I have a Mits 73835.. I bought the recommended kit when I bought the TV about 2 years ago, which included an emitter and 2 pr glasses (tru3d) I think.. I just bought the 3DA-1 coverter to make it complete. But here is the issue...

I have a Denon 4308ci receiver that I really like. 1.3a HDMI. My directv hr21 says my TV isn't compatable when trying to route through the reciever. So, I run the Directv source directly to my converter, then to my TV, and it works. Ok, so my reciever isn't compatable, and I'll have to run separate audio..


I also have a PS3 which I want to use for 3d... I only have one input on the converter... which is used by directv.
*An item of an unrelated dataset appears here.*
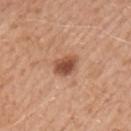No biopsy was performed on this lesion — it was imaged during a full skin examination and was not determined to be concerning.
A 15 mm crop from a total-body photograph taken for skin-cancer surveillance.
Located on the arm.
The subject is a male aged approximately 50.

I have 4 HDMI inputs on my TV... I use 2of them...one for directv, one for PS3 ( I bypass my reciever in order to listen to Music audio when playing Tiger Woods.), One I can use for my Home Theater PC (Blu-ray/audio/photos/internet)... am I going to have to buy a converter for each HDMI input I want to use?


I read somewhere that Sony will have firmware which will make PS3 compatable with Mits DLP... (which I think means they output checkerboard?) Is this right? Does this mean I won't need a converter?


What I would REALLY like to hear, is that Denon will have an update which accepts 3d on it's HDMI (doubt it though) If that were the case, I could just route everything to my reciever, then to the converter, then a single HDMI on the TV.


Also have an XBOX360 and Wii... but that is another story ;-)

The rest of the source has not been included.